OBJECTIVE: Device supported beating heart surgery has been advocated to extend patient selection criteria for off-pump surgery. This article reports the initial experimental and clinical results with a novel paracardial right ventricular support device. METHODS: Preclinical experiments were performed in two pigs. Ten elective patients with triple vessel disease were subjected to beating heart coronary artery bypass grafting surgery during right ventricular support by the paracardial device. Measurements included intraoperative hemodynamics during cardiac tilting, perioperative left ventricular ejection fraction (LVEF), hemolysis parameters, mortality and major morbidity events. RESULTS: A mean of 3.2 +/- 0.2 distal anastomoses per patient were performed. Mean arterial pressure and central venous oxygen saturation remained stable during cardiac tilting.
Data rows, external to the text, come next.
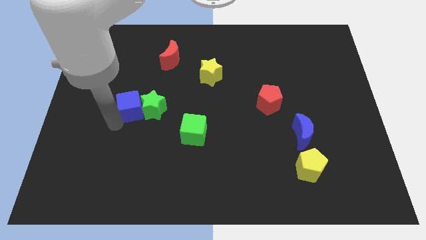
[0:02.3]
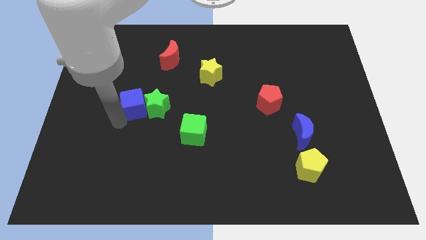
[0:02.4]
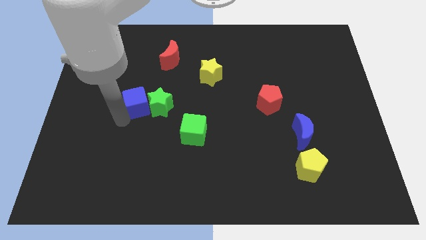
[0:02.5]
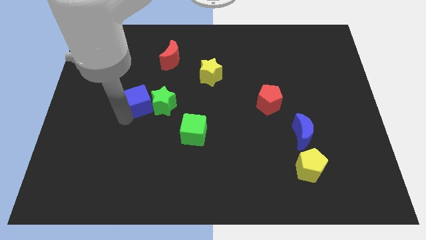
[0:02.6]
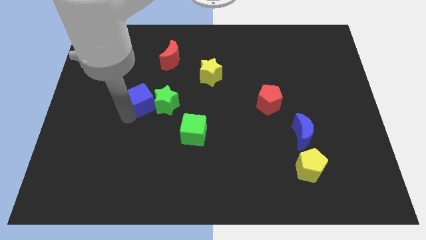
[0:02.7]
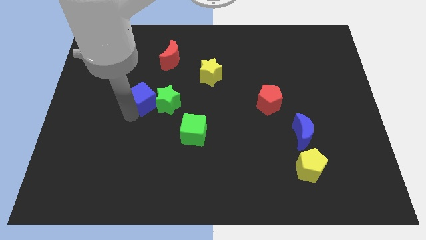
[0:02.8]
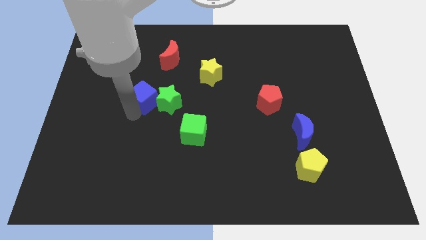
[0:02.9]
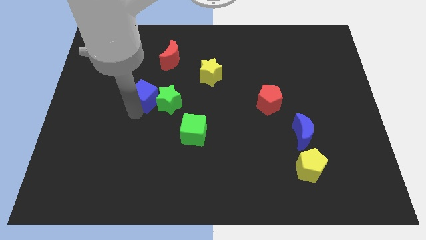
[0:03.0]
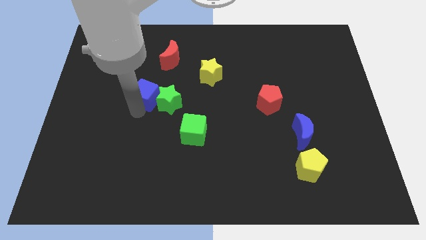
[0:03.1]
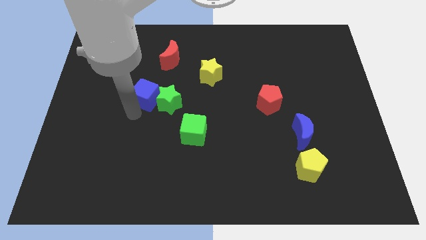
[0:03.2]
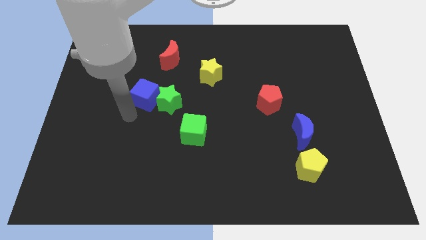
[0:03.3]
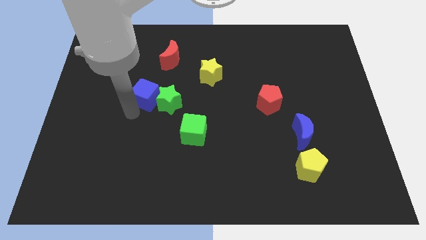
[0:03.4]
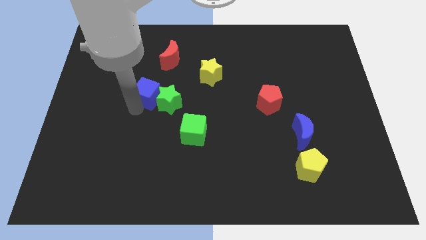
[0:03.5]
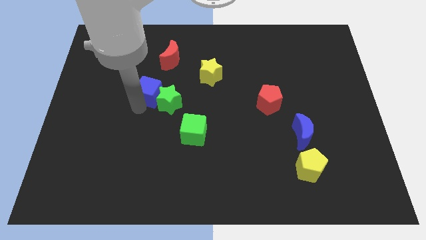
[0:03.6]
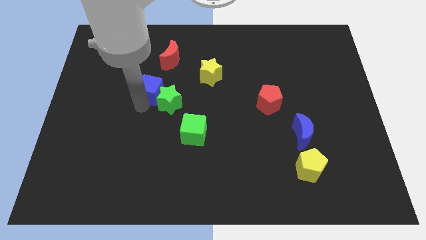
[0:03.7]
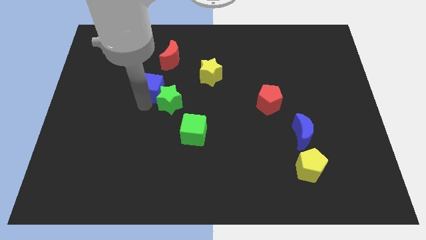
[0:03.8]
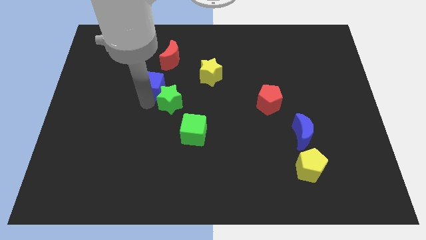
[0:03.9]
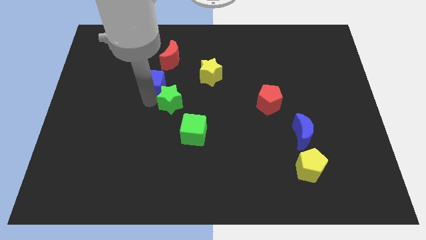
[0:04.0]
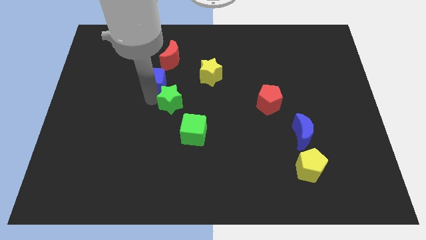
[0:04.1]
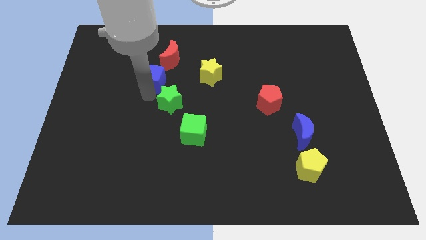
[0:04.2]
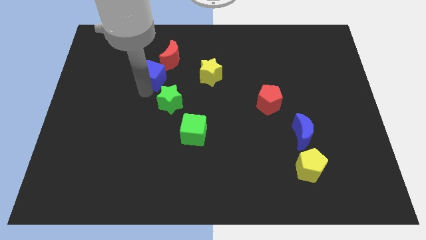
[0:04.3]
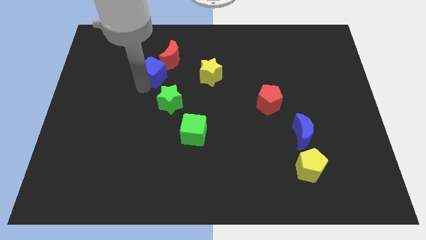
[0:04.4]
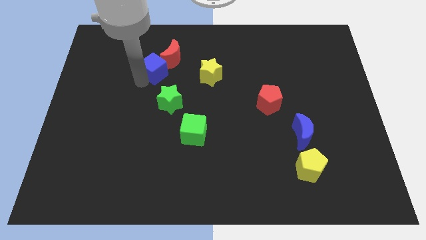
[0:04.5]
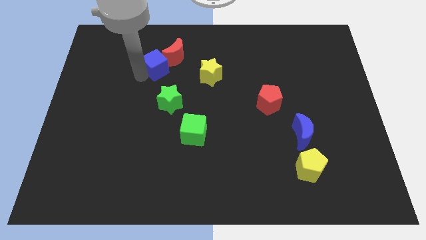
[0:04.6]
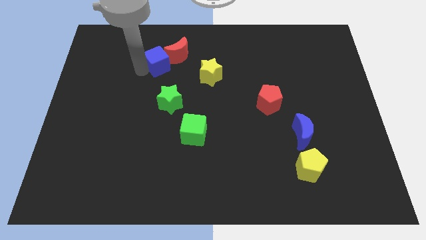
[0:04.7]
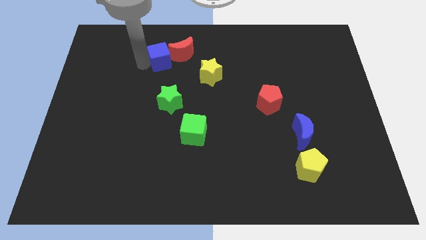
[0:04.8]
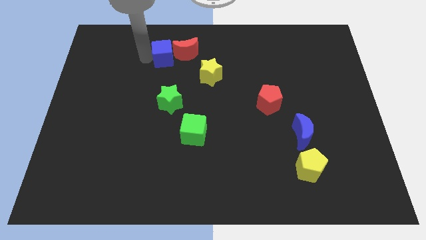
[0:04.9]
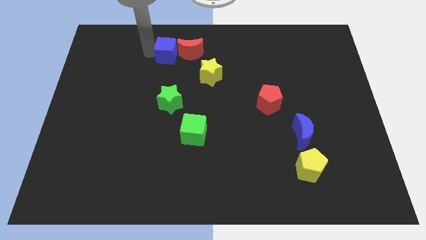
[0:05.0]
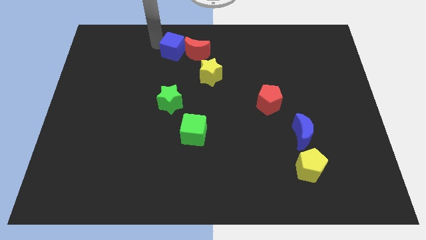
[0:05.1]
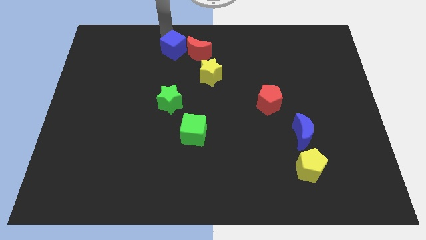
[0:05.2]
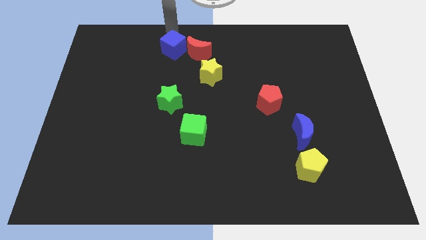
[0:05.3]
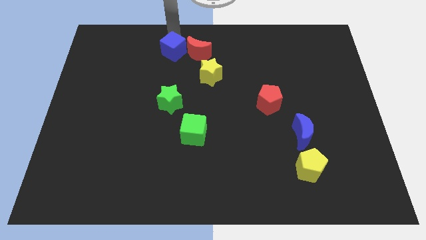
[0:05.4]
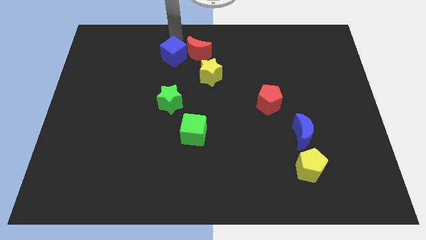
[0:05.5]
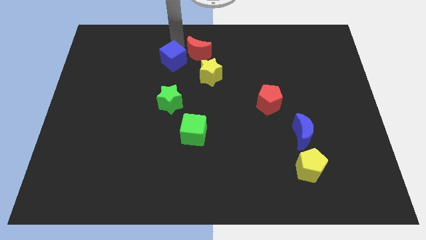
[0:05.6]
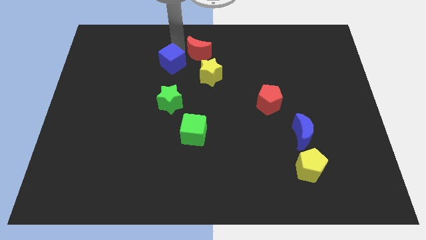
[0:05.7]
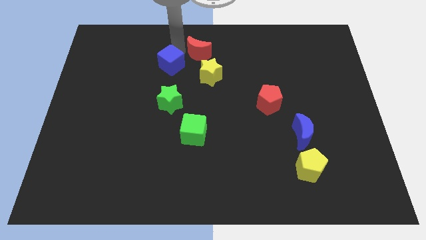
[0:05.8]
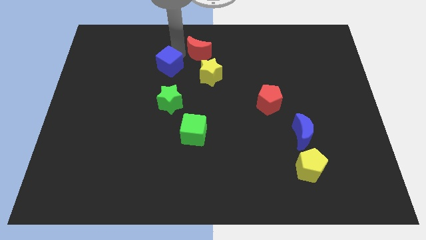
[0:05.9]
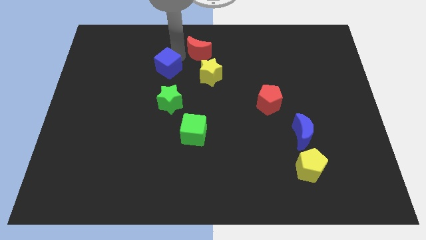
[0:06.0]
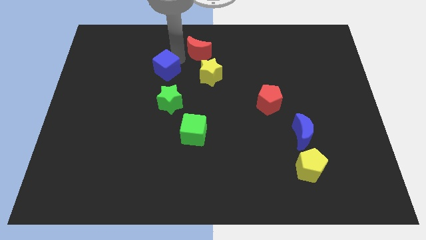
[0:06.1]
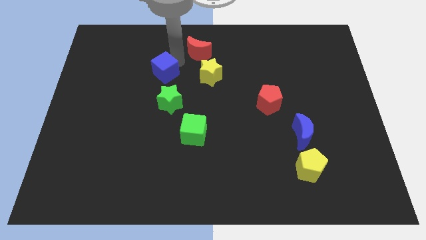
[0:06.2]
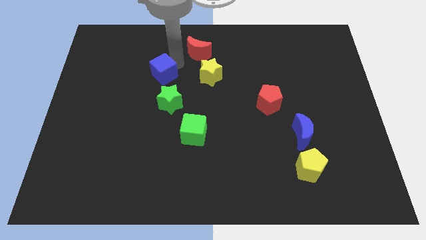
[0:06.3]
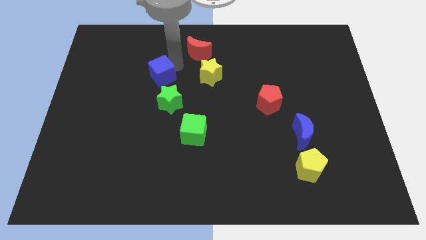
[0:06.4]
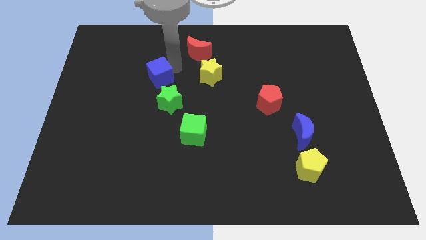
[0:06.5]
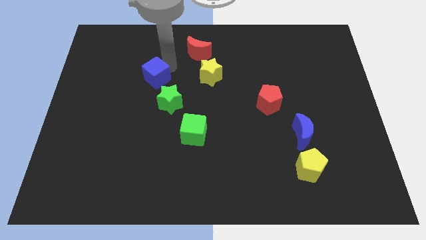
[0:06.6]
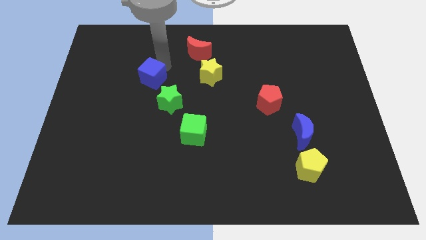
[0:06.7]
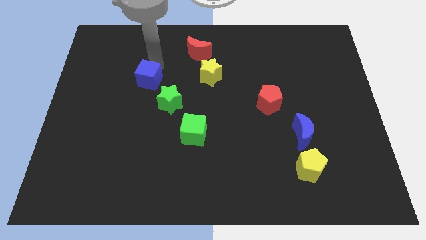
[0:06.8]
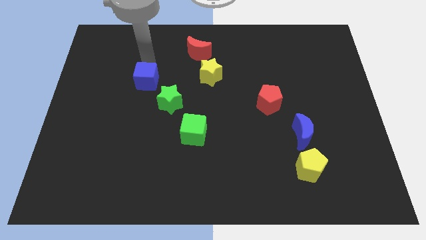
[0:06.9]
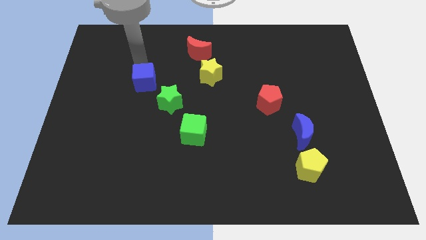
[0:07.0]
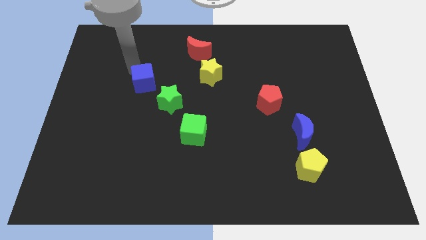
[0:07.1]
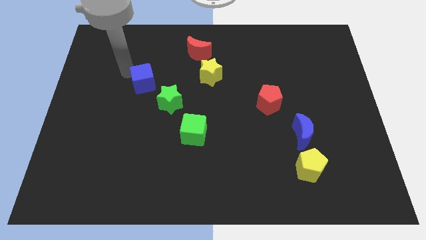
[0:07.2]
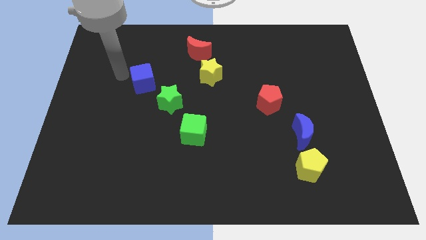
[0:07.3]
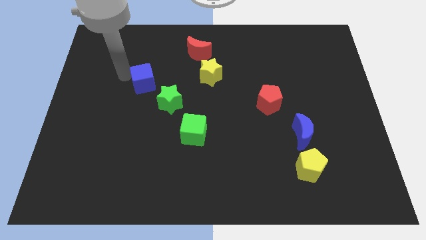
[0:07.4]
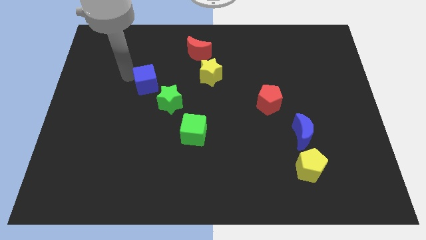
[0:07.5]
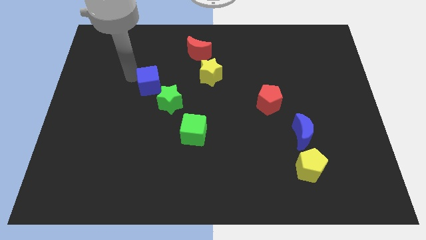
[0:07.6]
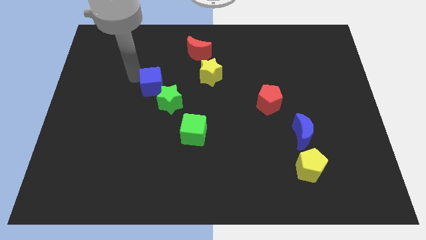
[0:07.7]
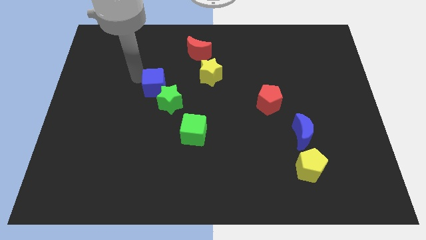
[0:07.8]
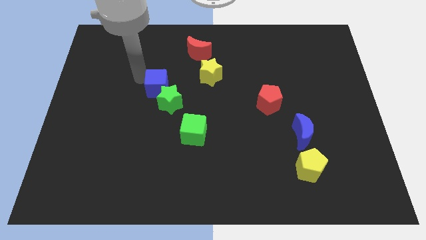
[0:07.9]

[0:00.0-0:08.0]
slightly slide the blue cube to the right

Perioperative LVEF did not vary significantly. Sixty-day mortality and postoperative infarction rate were 0%. Functional Canadian Cardiovascular Society class at 6 days after surgery was 1.2 +/- 0.1 vs. 3.3 +/- 0.2 pre-operatively. CONCLUSION: In this initial clinical experience, application of the novel paracardial right ventricular support device proved to be safe and efficient.